Something Other Than Me
By Jess L. (lougoon@internettv.net.au)

"Time manipulates your heart, preconceptions torn apart
Begin to doubt my state of mind
But I won’t go down on what I said
I won’t retract convictions read
I may perplex, but I’m not blind
So take all this noise into your brain and send it back again
I’ll bear the cost, shed my skin, call you up and then...
I’ll say the words out loud
A thousand words..."

--Savage Garden. ***

I am a shell, I know that now.

What I was, or what I thought I was. Is now never going to be.

What I wanted, or what they thought I wanted is still what I want.

But it appears that for a very long time, what I want isn’t going to be.

Until I become not what I thought I was.

Make of it what you will. I never wanted to hurt anyone.

I am a vessel. I know that now. What I’m going to do is what they want me to do.

What I have is not what I chose.

What I chose is not what they will let me have.

So now I must choose to have not what I wanted, not what I thought I wanted.

But what they thought I would choose to have.

Make of it what you will. I didn’t mean to confuse anyone.

Destiny. I know that now.

If you can have what you want but didn’t know that you wanted it all along.

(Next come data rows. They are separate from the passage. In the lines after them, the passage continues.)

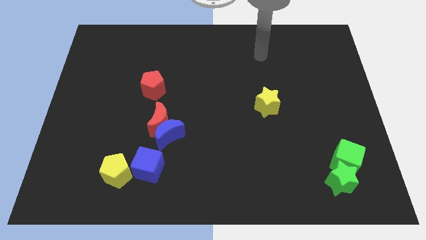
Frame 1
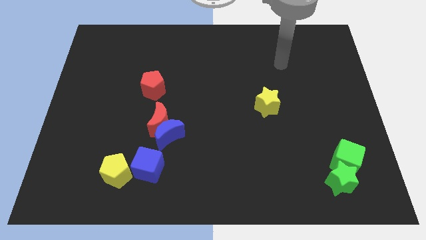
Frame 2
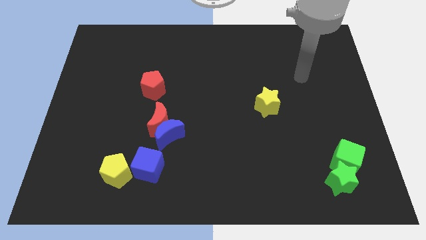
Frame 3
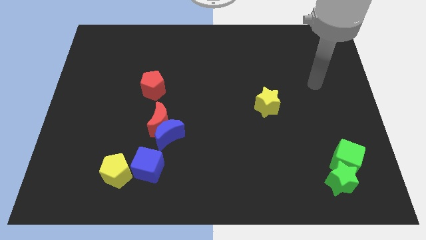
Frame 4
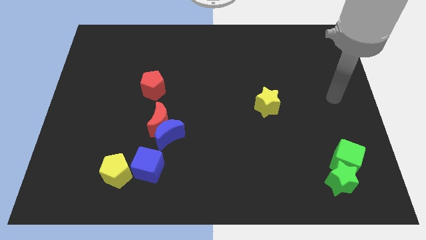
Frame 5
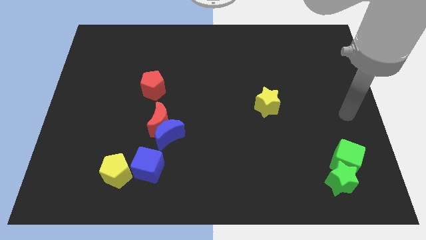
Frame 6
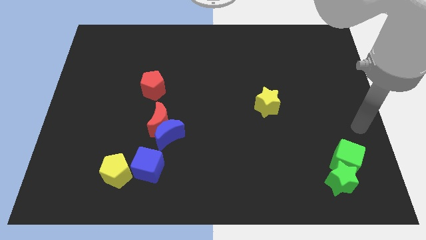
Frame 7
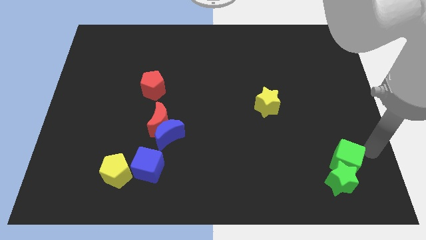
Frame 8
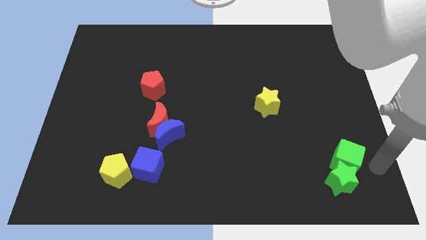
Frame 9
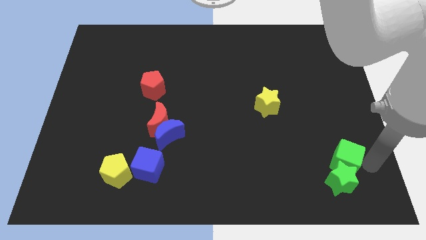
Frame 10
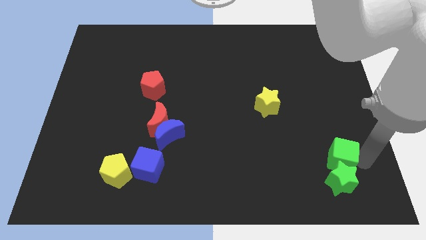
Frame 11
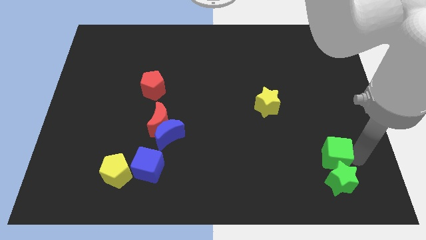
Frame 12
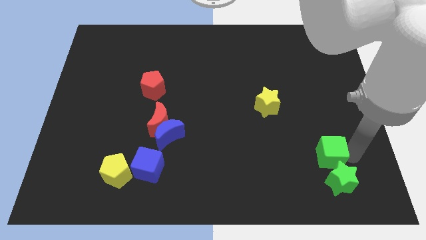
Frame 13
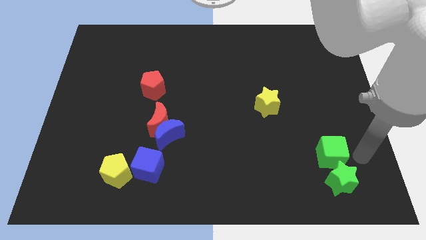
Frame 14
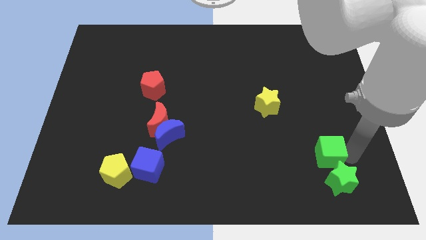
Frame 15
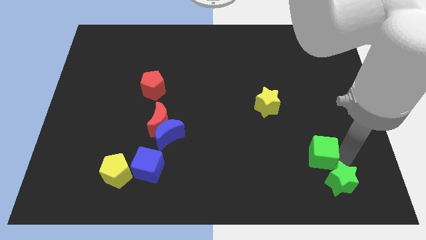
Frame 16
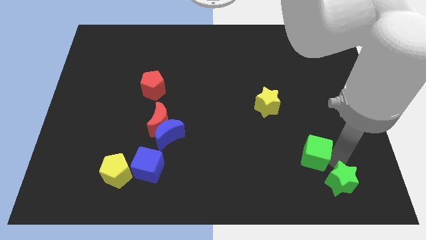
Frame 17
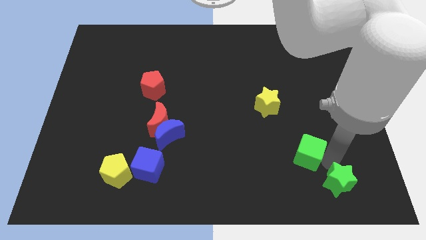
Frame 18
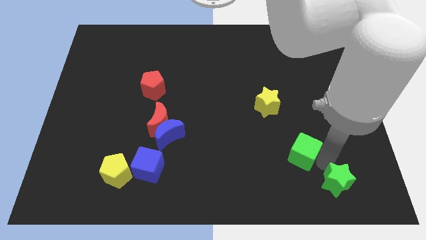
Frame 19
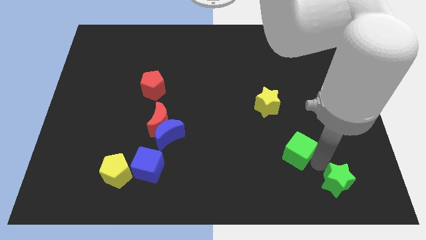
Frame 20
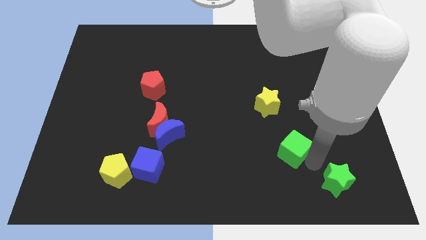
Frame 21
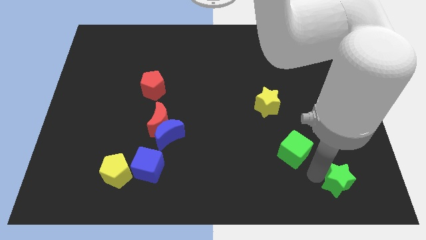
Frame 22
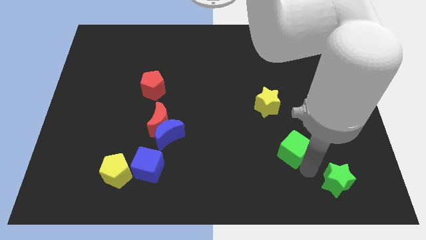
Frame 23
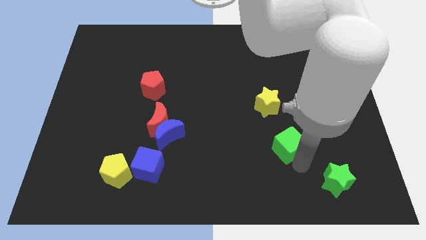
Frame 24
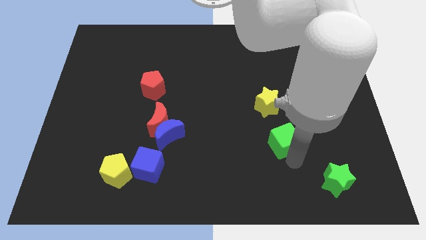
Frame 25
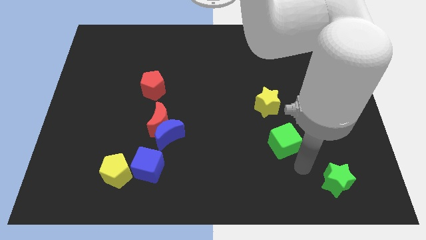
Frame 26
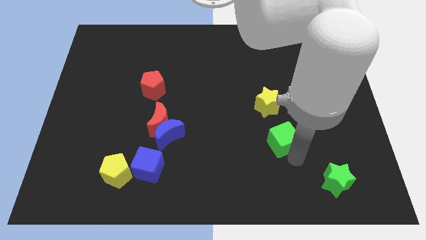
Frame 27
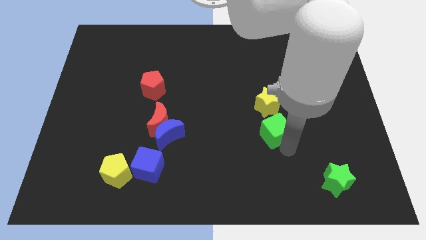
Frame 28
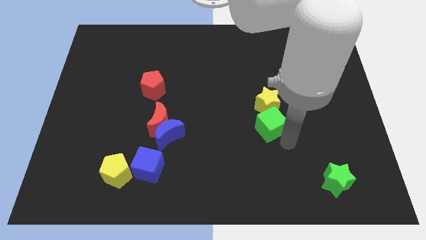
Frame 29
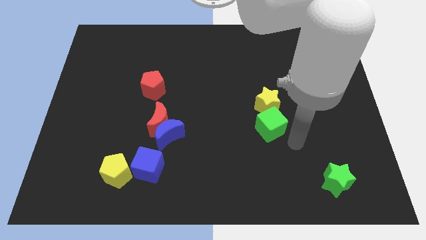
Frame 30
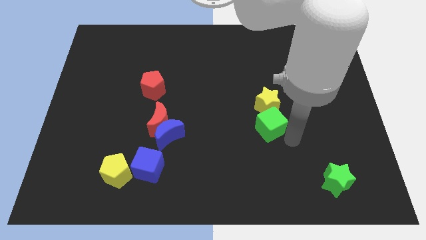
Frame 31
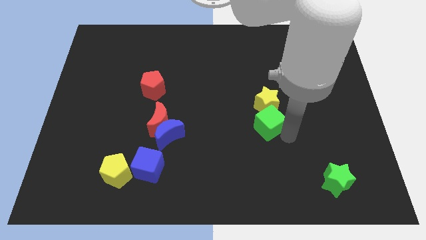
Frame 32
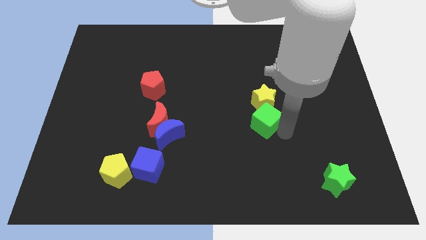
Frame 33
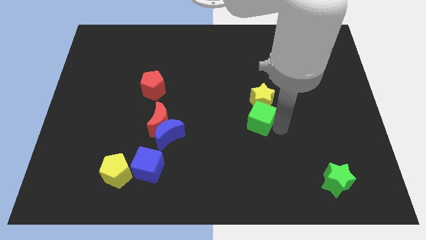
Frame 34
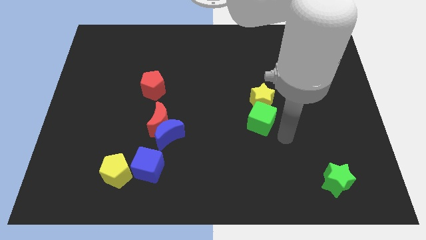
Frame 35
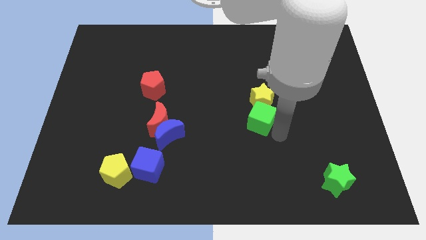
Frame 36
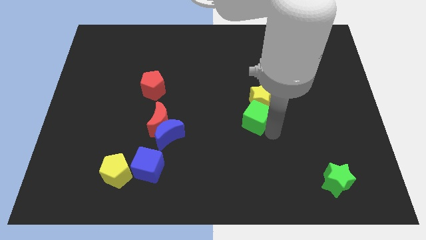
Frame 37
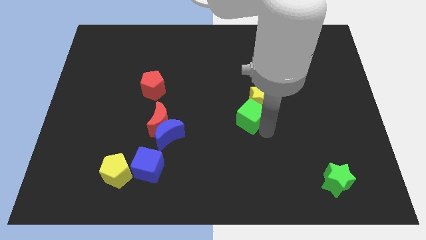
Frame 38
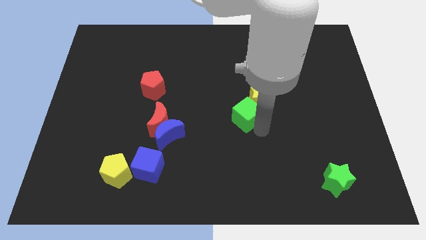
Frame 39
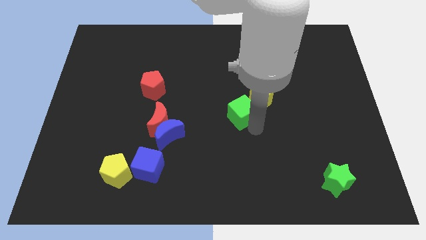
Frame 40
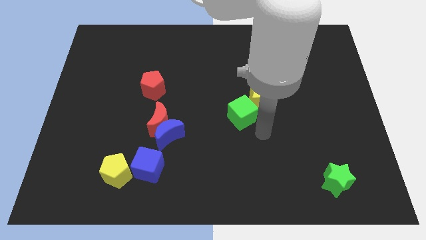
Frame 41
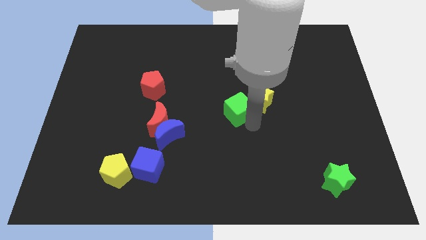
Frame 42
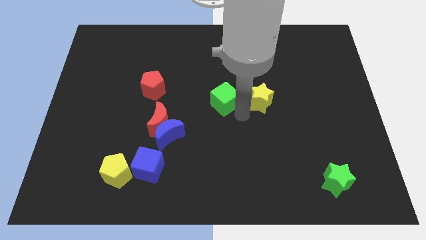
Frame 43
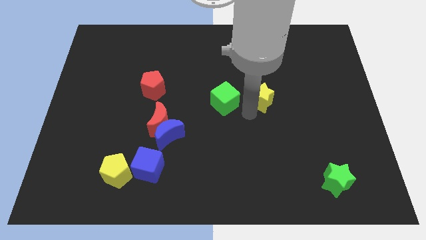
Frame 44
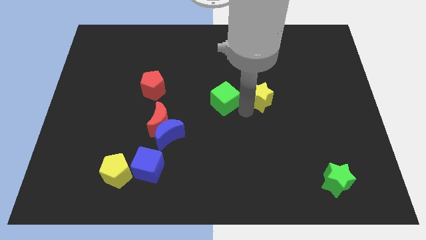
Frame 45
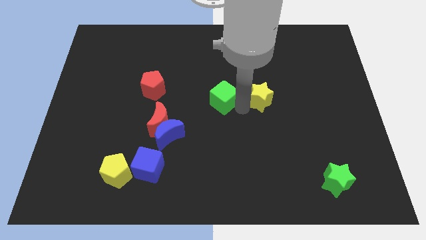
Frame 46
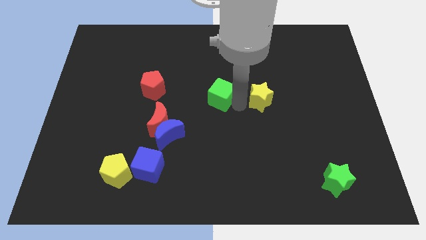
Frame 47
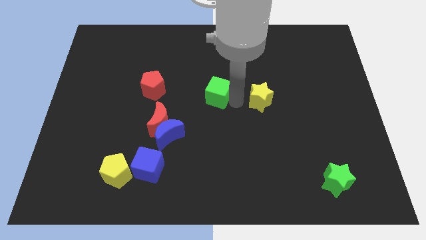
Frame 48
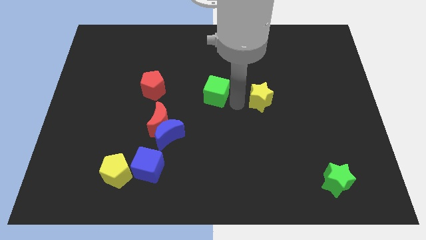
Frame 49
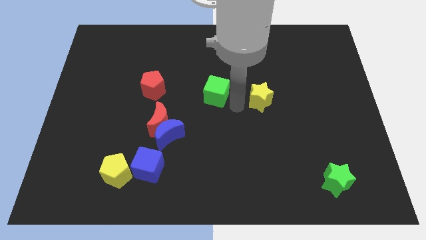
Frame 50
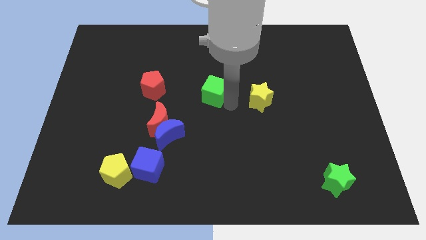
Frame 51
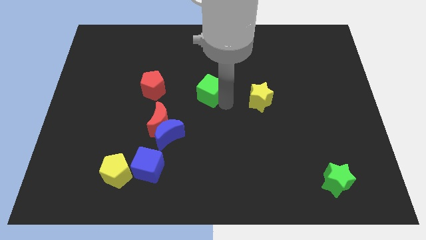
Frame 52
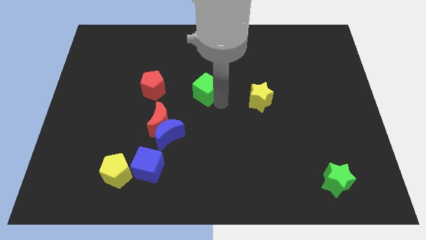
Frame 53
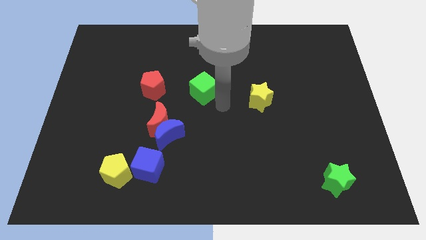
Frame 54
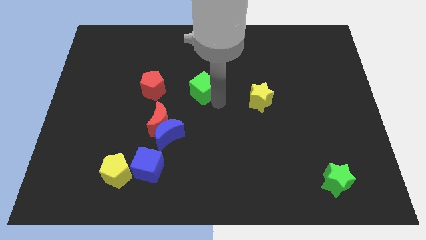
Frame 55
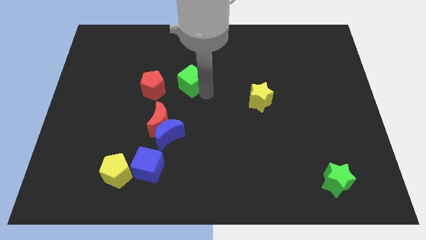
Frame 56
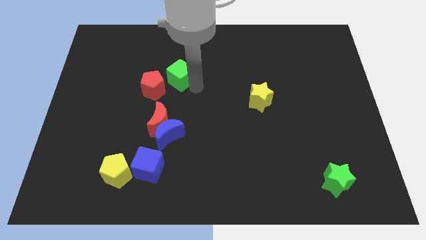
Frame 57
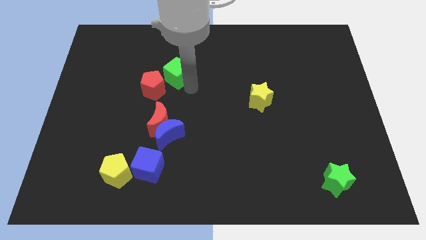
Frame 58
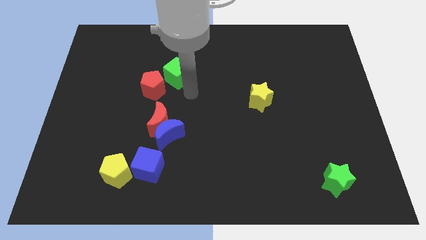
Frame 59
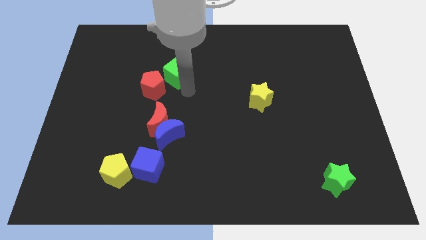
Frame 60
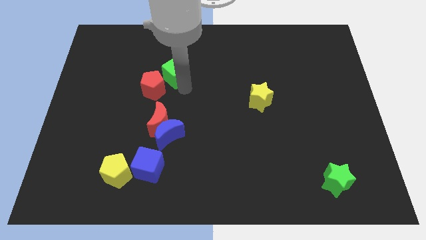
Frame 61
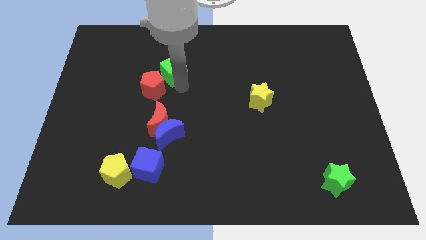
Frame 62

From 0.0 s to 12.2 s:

Is it better than never having what you wanted and instead having second best?

Earth equals Rules equal no rules on earth and hence rules out destiny on Earth?

For me to be what I need to become what is needed?

There is need for a sure path of that I am sure. If only that path wasn’t clouded with broken things.

Make of it what you will. I didn’t plan it so I’m going to deny it all.

Confusion. I know that now.

Choose. Want. Need. Have.To have, to hold, to love.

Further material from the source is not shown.